[WHAT YOU HAVE TO DO] Give again, word for word, each line below starting at the one that contains "What is the structure outlined in the color blue?" and ending at the one that contains "gpt: The structure outlined in orange".

[LISTED RECORDS]
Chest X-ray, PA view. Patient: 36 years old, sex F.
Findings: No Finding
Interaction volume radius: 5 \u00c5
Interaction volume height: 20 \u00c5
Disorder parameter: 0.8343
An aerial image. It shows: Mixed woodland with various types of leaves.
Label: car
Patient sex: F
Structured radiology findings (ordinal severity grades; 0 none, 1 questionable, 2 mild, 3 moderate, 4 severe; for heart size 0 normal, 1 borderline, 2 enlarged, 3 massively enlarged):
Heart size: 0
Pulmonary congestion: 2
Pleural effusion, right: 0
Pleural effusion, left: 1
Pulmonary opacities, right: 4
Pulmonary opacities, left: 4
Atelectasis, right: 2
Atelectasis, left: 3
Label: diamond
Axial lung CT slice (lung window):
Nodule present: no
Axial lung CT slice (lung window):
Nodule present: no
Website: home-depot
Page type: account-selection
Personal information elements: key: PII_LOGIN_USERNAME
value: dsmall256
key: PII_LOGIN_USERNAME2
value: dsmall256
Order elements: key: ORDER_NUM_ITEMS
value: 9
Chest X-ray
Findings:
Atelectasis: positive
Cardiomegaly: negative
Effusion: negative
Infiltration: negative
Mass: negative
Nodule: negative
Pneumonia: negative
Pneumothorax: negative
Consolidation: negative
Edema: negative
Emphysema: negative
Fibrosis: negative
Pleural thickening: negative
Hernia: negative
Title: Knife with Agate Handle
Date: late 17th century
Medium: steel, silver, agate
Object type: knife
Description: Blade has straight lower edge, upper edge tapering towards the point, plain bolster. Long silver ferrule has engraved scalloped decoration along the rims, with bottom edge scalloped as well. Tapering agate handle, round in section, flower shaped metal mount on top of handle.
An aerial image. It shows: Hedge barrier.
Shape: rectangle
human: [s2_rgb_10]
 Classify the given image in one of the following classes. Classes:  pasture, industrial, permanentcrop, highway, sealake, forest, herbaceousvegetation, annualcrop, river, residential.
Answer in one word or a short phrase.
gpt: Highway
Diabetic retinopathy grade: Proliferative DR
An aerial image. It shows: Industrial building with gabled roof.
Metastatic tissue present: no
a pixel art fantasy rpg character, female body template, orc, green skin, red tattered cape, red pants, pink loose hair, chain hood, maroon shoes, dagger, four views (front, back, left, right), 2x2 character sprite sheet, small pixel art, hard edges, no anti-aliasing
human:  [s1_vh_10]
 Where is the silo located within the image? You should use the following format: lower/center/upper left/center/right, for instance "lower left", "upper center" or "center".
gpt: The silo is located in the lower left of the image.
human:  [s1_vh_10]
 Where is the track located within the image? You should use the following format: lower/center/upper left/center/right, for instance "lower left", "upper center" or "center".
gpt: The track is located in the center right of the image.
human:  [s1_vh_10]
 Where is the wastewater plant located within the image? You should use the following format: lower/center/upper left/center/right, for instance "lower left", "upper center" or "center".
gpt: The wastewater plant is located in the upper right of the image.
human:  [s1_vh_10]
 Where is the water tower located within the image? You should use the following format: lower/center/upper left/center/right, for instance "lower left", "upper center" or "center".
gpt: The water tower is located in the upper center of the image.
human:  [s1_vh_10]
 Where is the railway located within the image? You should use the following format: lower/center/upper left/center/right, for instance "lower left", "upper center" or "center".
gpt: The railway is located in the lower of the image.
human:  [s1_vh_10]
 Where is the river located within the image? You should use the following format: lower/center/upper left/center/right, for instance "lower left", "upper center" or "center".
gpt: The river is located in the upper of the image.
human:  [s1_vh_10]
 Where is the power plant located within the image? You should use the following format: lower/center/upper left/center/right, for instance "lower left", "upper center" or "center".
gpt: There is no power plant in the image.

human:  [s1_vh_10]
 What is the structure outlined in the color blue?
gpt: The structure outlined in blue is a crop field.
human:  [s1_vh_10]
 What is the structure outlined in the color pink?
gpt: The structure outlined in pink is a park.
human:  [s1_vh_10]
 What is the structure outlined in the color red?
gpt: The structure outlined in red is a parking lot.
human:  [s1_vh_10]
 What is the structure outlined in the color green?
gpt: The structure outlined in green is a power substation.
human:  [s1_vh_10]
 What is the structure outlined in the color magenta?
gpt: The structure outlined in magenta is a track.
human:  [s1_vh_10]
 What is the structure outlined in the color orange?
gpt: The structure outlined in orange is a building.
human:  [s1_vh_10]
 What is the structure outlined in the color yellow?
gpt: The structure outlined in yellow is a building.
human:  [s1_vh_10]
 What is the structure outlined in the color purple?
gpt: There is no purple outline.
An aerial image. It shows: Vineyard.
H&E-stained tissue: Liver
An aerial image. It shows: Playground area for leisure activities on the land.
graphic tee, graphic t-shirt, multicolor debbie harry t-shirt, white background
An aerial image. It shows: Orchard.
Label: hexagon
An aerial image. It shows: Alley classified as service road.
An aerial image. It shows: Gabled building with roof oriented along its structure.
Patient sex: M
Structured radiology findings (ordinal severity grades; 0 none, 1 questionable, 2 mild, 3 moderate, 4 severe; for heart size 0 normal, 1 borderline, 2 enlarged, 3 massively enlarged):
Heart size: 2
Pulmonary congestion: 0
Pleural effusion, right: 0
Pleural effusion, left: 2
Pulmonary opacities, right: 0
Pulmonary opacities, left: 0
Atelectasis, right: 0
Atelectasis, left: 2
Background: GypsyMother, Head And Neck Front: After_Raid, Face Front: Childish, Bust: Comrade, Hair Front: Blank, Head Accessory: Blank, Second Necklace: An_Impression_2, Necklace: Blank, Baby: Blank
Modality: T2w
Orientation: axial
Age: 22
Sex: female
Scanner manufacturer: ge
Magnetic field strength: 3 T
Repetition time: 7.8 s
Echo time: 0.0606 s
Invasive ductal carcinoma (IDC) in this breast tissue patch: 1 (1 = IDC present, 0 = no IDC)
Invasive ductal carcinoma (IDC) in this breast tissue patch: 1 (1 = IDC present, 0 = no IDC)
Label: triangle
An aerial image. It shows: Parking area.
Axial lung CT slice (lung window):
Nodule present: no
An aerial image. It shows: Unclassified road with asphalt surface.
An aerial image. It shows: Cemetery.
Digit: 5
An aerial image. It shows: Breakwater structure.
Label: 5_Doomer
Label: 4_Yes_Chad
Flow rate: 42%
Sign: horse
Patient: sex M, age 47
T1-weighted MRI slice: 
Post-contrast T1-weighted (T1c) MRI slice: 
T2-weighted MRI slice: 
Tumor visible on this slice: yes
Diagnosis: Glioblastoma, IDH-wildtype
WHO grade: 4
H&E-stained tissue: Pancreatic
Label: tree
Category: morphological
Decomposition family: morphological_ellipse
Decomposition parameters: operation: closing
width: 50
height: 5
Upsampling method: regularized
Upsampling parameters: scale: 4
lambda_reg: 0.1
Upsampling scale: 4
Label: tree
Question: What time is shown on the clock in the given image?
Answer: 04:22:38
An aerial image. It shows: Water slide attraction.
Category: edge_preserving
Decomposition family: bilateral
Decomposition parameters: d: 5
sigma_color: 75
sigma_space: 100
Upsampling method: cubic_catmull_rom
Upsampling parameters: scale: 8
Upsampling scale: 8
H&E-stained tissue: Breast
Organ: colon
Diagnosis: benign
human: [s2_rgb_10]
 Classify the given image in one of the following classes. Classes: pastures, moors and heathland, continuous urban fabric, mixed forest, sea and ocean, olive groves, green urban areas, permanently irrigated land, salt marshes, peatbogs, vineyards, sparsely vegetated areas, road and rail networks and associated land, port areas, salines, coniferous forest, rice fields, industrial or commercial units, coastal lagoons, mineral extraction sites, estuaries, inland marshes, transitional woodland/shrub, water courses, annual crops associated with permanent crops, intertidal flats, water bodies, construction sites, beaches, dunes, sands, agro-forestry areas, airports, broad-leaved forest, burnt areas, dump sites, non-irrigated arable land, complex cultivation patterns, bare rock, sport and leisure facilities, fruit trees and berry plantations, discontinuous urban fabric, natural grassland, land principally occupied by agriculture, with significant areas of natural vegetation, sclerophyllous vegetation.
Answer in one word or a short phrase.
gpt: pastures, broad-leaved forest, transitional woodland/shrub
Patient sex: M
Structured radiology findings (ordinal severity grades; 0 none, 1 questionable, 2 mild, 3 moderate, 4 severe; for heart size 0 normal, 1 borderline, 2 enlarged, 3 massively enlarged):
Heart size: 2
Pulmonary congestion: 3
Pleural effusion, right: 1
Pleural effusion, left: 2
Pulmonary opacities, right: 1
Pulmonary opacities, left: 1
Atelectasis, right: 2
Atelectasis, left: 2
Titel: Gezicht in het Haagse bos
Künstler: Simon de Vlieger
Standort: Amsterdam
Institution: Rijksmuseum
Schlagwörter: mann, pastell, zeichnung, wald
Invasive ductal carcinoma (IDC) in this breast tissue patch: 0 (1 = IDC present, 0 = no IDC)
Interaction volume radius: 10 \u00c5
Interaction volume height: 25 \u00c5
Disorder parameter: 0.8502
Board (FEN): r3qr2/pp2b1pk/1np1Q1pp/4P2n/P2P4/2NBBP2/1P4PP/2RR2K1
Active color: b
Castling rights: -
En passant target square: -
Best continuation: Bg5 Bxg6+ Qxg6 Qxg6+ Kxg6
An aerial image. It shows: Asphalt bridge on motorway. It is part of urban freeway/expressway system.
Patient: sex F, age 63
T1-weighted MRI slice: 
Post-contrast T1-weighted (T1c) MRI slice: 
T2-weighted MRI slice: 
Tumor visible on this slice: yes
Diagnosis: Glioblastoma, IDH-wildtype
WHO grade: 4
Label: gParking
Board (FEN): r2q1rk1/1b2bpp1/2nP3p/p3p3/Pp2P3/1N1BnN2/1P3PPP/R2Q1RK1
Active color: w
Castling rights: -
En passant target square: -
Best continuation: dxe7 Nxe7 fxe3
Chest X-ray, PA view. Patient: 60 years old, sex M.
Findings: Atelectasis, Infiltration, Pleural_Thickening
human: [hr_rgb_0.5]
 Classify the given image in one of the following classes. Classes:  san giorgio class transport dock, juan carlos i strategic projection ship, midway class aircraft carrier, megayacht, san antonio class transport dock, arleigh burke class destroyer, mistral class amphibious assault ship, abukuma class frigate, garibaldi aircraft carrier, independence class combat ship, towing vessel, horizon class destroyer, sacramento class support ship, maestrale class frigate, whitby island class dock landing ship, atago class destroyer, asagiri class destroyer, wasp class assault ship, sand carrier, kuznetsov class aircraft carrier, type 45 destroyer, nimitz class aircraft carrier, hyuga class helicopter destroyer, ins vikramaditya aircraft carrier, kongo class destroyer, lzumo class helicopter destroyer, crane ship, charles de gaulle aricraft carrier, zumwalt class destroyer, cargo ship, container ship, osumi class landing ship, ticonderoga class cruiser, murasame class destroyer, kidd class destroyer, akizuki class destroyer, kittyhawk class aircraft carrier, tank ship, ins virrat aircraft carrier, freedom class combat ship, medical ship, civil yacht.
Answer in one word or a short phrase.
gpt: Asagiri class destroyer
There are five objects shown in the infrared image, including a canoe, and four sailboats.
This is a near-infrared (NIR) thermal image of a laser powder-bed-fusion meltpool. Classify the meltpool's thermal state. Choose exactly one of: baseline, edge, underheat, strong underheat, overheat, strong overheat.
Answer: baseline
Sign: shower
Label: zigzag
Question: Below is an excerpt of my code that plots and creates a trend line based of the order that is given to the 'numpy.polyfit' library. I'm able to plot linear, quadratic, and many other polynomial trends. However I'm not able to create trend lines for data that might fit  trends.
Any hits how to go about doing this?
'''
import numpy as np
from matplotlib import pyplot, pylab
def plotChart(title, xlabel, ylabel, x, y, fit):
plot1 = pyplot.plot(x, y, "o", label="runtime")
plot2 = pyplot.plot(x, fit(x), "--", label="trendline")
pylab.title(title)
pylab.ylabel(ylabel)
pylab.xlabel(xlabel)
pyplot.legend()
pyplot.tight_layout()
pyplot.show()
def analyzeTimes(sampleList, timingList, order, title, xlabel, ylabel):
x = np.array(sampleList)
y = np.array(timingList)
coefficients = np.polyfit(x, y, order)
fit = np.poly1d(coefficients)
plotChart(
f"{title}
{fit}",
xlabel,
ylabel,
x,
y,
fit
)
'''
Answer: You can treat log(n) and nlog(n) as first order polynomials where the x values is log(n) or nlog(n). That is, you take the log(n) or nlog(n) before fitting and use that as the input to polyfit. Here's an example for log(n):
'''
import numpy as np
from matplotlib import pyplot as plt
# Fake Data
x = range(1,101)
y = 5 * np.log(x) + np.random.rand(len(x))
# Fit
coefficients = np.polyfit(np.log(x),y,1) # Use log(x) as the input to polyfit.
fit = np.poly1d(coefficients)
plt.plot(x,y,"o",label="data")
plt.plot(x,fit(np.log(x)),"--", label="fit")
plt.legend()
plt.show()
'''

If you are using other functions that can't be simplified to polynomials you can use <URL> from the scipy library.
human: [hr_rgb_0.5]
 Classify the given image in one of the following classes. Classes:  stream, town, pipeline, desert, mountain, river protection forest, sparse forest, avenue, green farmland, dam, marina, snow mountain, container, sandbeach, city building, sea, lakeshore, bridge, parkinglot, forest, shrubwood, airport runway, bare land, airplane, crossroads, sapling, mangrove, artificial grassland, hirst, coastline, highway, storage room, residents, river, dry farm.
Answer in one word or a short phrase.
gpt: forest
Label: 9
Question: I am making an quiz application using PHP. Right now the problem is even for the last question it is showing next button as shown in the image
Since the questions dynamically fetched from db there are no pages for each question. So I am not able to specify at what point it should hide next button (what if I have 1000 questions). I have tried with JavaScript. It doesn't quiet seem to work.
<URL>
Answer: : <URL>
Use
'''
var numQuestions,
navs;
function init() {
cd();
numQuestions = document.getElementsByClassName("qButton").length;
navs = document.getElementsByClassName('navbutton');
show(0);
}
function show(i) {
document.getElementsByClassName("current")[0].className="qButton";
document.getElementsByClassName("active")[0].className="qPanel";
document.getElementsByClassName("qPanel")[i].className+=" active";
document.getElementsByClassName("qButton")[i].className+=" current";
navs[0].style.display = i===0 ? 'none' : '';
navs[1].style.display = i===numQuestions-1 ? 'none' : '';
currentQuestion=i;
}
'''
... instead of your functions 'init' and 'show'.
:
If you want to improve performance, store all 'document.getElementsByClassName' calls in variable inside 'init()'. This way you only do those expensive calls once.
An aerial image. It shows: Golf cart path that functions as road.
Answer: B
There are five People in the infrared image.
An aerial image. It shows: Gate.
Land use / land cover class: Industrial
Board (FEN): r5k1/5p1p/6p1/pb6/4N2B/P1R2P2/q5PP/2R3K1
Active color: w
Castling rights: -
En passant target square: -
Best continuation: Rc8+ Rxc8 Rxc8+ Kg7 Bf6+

[SOLUTION FOR THIS EXERCISE]
 What is the structure outlined in the color blue?
gpt: The structure outlined in blue is a crop field.
human:  [s1_vh_10]
 What is the structure outlined in the color pink?
gpt: The structure outlined in pink is a park.
human:  [s1_vh_10]
 What is the structure outlined in the color red?
gpt: The structure outlined in red is a parking lot.
human:  [s1_vh_10]
 What is the structure outlined in the color green?
gpt: The structure outlined in green is a power substation.
human:  [s1_vh_10]
 What is the structure outlined in the color magenta?
gpt: The structure outlined in magenta is a track.
human:  [s1_vh_10]
 What is the structure outlined in the color orange?
gpt: The structure outlined in orange is a building.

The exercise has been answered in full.